Data for analysis:
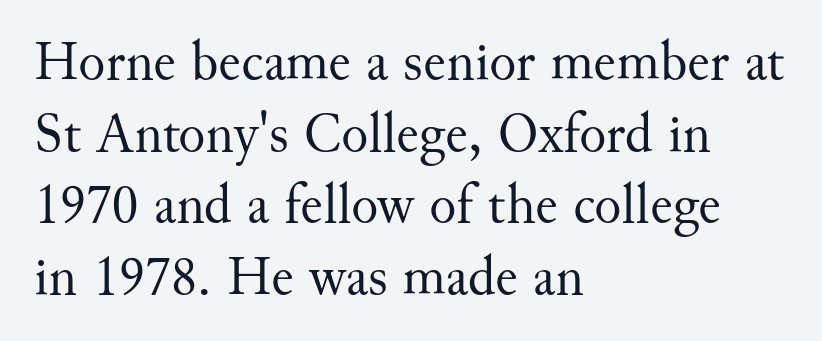
Q: Is the text bold? A: No.
Q: Is the text italic (slanted)? A: No, it is upright.
Q: Is the typeface a serif or a sans-serif typeface? A: Serif.
Q: Is the text underlined? A: No.
Q: How is the paragraph aligned? A: Left-aligned.
Q: Is the spacing between letters normal or unusually wide? A: Normal.
Q: Is the spacing between lines tight, normal or loose? A: Normal.
Q: Width (condensed, normal, or wide)? A: Normal.
Q: Stroke contrast? A: Medium.
Q: x-height? A: Small.
Q: Monospaced? A: No.

Assignment:
If a line in the material above holds "between", copy it.

Task output:
Q: Is the spacing between letters normal or unusually wide? A: Normal.
Q: Is the spacing between lines tight, normal or loose? A: Normal.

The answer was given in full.